In the West, to combat secularization and in response to the emergence of new religious subjects, various Catholic circles seem concerned to make the Church count more on the political and cultural level. They demand space and representation in the cultural leadership of civil society. Some see the fight back in terms of cultural hegemony…
Danneels: That temptation is not felt, it seems to me, by the Chinese Church for the moment … But certainly the temptation is always there in the Church. The temptation to conceive of itself a little like a … Celestial Empire. Particularly we in the West, where we see that the faith is no longer handed on through heredity and is no longer automatically guaranteed a place in society, we must keep keep in mind the many, even recent, examples that show it to be a barren propect.
As for that, there has been debate for months about the need to affirm the Christian roots of Europe in the forthcoming Constitution of the European Community. How do you see this debate?
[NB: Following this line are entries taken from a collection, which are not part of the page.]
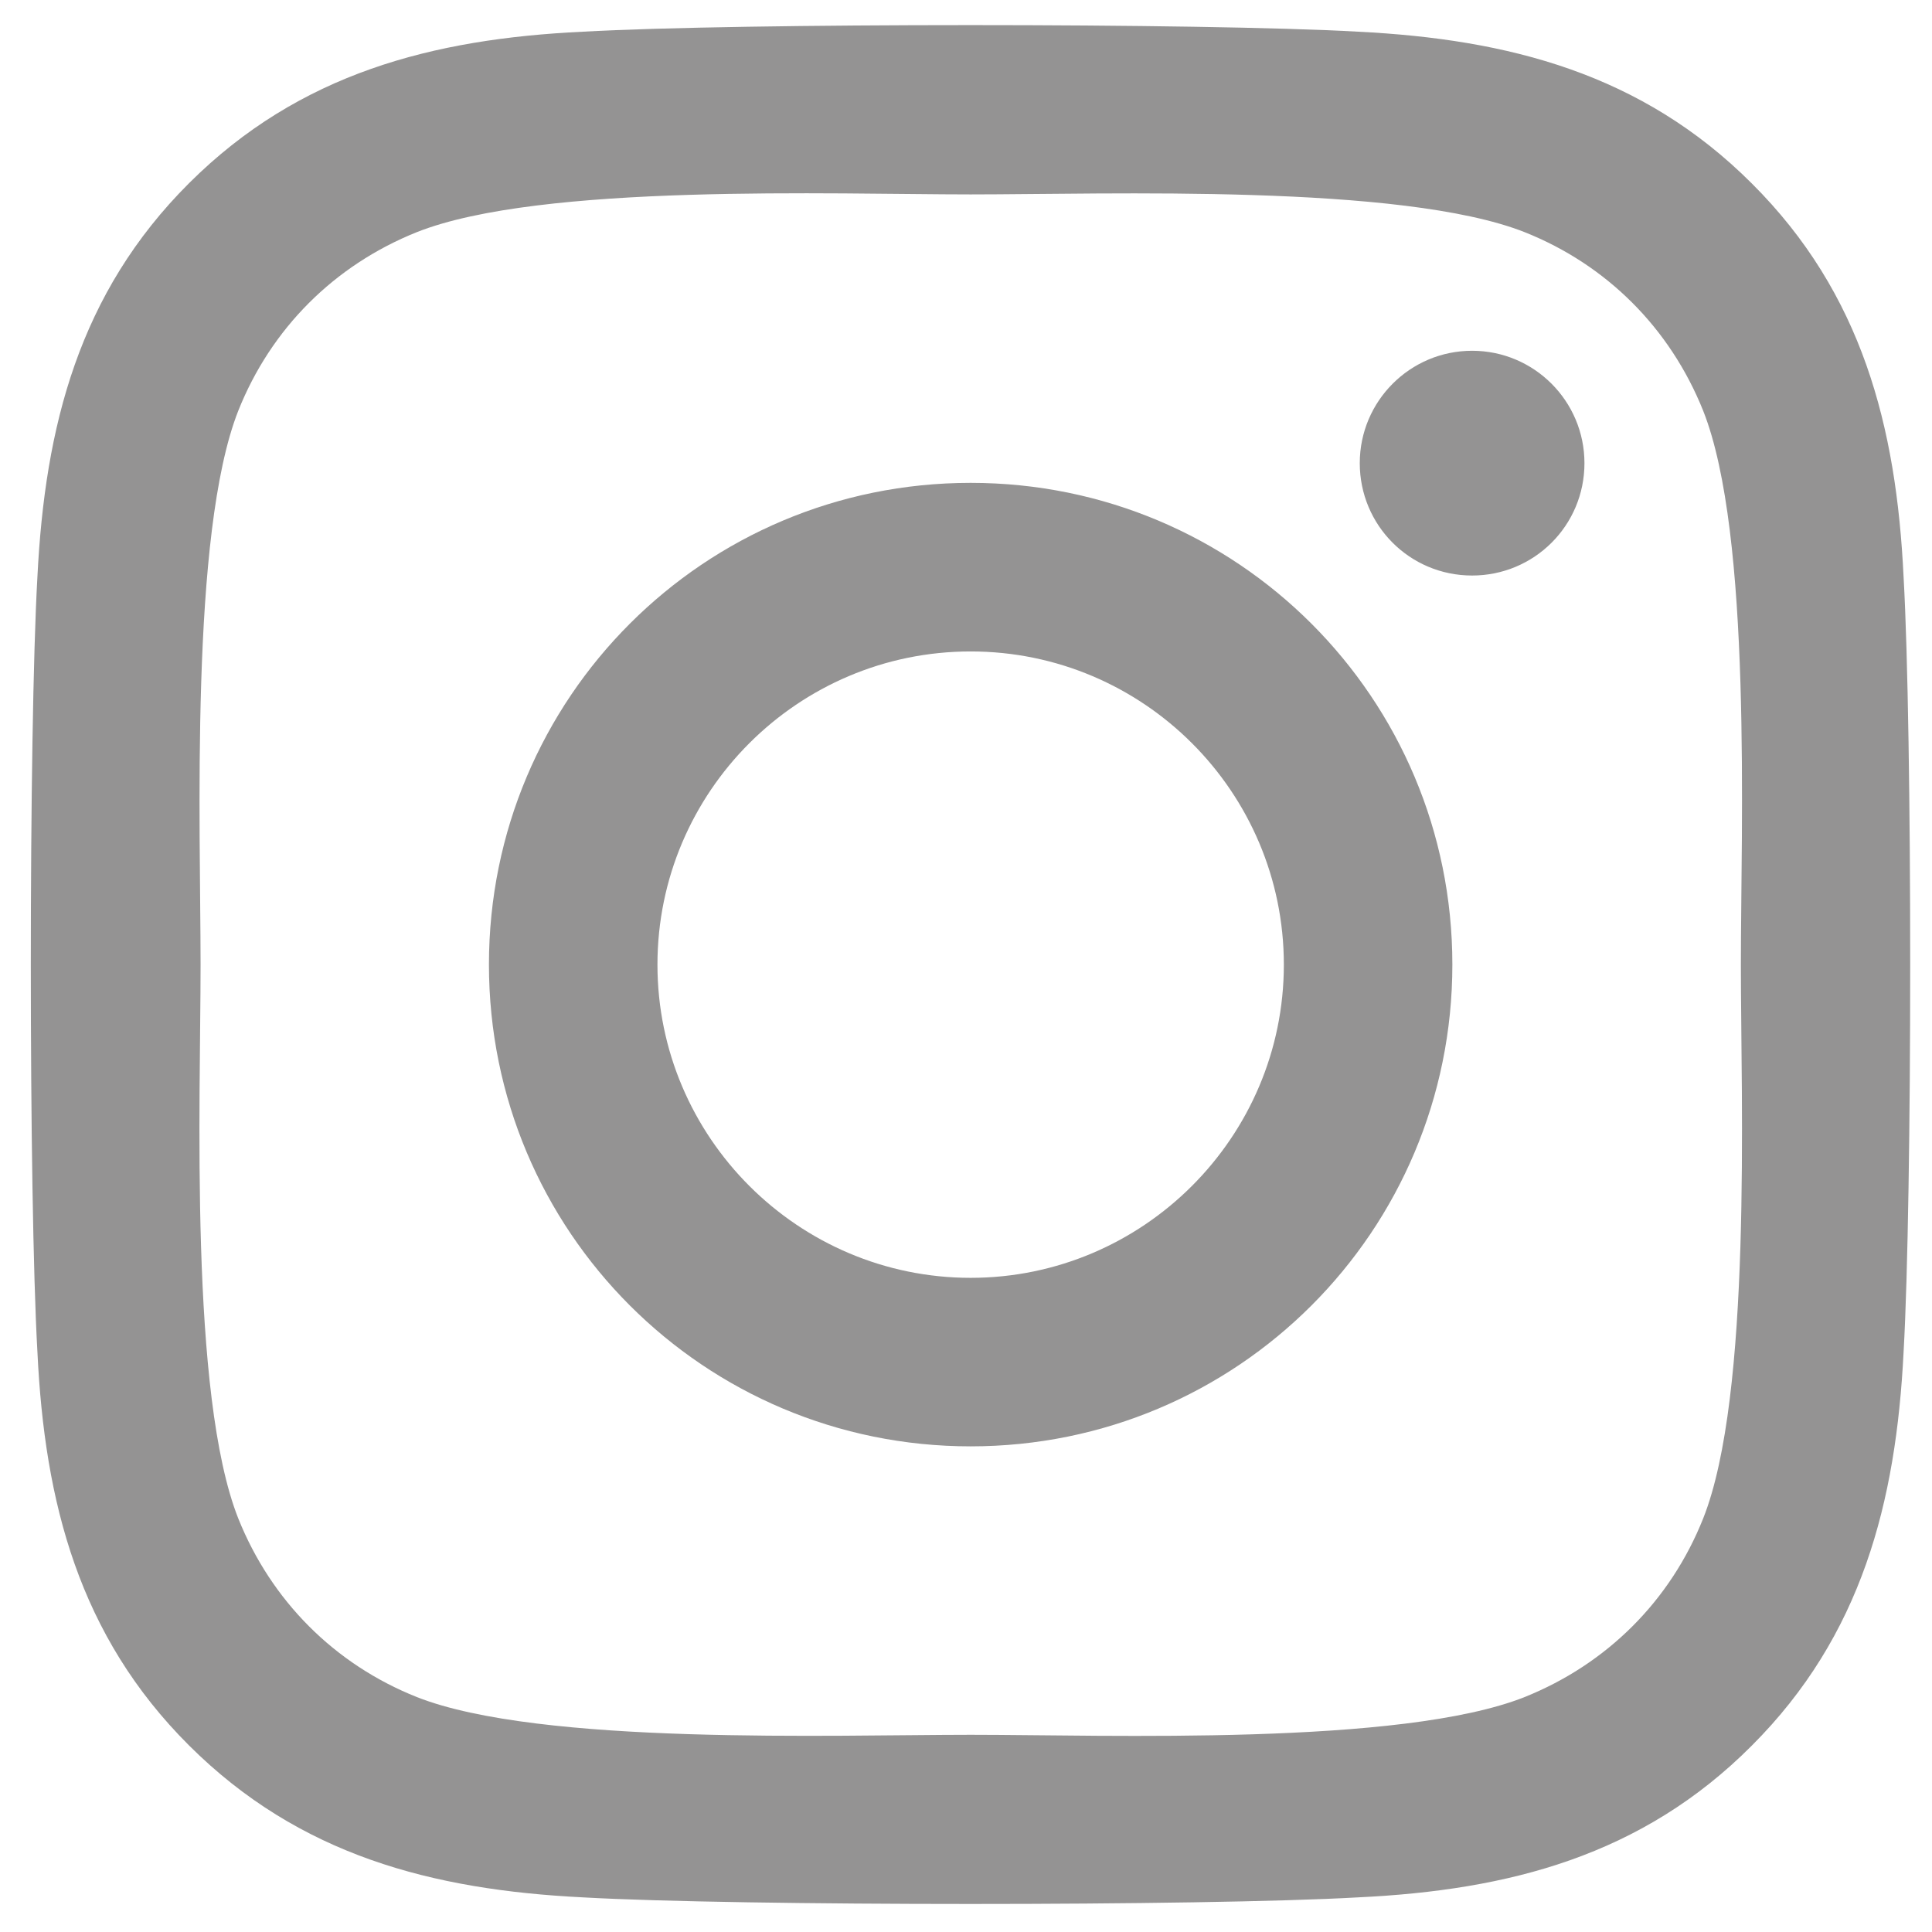 <?xml version="1.0" encoding="UTF-8"?>
<svg xmlns="http://www.w3.org/2000/svg" width="27" height="27" version="1.1" viewBox="0 0 27 27">
  <!-- Generator: Adobe Illustrator 29.8.2, SVG Export Plug-In . SVG Version: 2.1.1 Build 3)  -->
  <defs>
    <style>
      .st0 {
        fill: #949393;
      }

      .st1 {
        display: none;
      }
    </style>
  </defs>
  <g id="_レイヤー_1" data-name="レイヤー_1">
    <path class="st0" d="M20.573,4.902c-.867,0-1.57.704-1.57,1.571s.697,1.57,1.57,1.57c.867,0,1.57-.698,1.57-1.57,0-.867-.703-1.571-1.57-1.571ZM26.603,8.066c-.1-2.104-.58-3.967-2.121-5.502-1.535-1.535-3.398-2.016-5.502-2.121-2.168-.123-8.666-.123-10.834,0-2.098.1-3.961.58-5.502,2.115-1.541,1.536-2.016,3.399-2.121,5.502-.123,2.168-.123,8.666,0,10.833.1,2.104.58,3.967,2.121,5.502,1.541,1.535,3.398,2.016,5.502,2.121,2.168.123,8.666.123,10.834,0,2.104-.1,3.967-.58,5.502-2.121,1.535-1.535,2.016-3.398,2.121-5.502.123-2.167.123-8.66,0-10.828ZM23.802,21.221c-.457,1.148-1.342,2.033-2.496,2.496-1.729.685-5.83.527-7.74.527s-6.018.152-7.74-.527c-1.148-.457-2.033-1.342-2.496-2.496-.685-1.729-.527-5.83-.527-7.741s-.152-6.017.527-7.74c.457-1.148,1.342-2.034,2.496-2.496,1.729-.686,5.83-.527,7.74-.527s6.017-.152,7.74.527c1.148.457,2.033,1.341,2.496,2.496.686,1.729.527,5.83.527,7.74s.158,6.018-.527,7.741ZM13.565,6.748c-3.727,0-6.732,3.006-6.732,6.732s3.006,6.733,6.732,6.733,6.732-3.006,6.732-6.733-3.006-6.732-6.732-6.732ZM13.565,17.858c-2.408,0-4.377-1.963-4.377-4.377s1.963-4.377,4.377-4.377,4.377,1.963,4.377,4.377-1.969,4.377-4.377,4.377Z"/>
  </g>
  <g id="_レイヤー_2" data-name="レイヤー_2" class="st1">
    <path class="st0" d="M27.125,13.562C27.125,6.07,21.055,0,13.562,0S0,6.07,0,13.562c0,6.77,4.96,12.38,11.443,13.398v-9.478h-3.445v-3.921h3.445v-2.988c0-3.399,2.023-5.276,5.122-5.276,1.484,0,3.036.265,3.036.265v3.336h-1.711c-1.684,0-2.21,1.046-2.21,2.118v2.545h3.761l-.602,3.921h-3.16v9.478c6.484-1.018,11.443-6.629,11.443-13.398Z"/>
  </g>
  <g id="_レイヤー_3" data-name="レイヤー_3" class="st1">
    <path class="st0" d="M24.934,11.143v-4.437s-.007-.004-.008-.004c-1.254,0-2.421-.375-3.395-1.019-1.407-.907-2.418-2.368-2.738-4.074h0c-.062-.351-.095-.705-.095-1.074,0-.017,0-.034,0-.052h-4.469v17.742c0,2.091-1.698,3.79-3.789,3.79s-3.789-1.698-3.789-3.79,1.698-3.789,3.789-3.789c.396,0,.778.061,1.137.174v-4.565c-.373-.052-.746-.078-1.133-.078-4.556,0-8.254,3.698-8.254,8.254s3.699,8.254,8.254,8.254,8.253-3.697,8.254-8.251v-9.076c1.748,1.251,3.897,1.993,6.208,1.993h.026Z"/>
  </g>
</svg>

DANNEELS: Recognizing the importance of Christianity for the birth and development of Europe is a question of historical truth. It’s a matter of a simple discernment, not a right in law to justify the taking of positions. But I wouldn’t turn it into religious war, which have the effect of causing a stronger reaction in those who oppose for ideological reasons. Rather than asking for a mention in the preface we need to look at the contents. In the constitutional text the parts about the relationship between civil institutions and Churches seem to me well drawn up. And, then, personally, I’m more interested in whether the Christian faith is alive in reality, rather than in claiming a mention of it in some article of a code.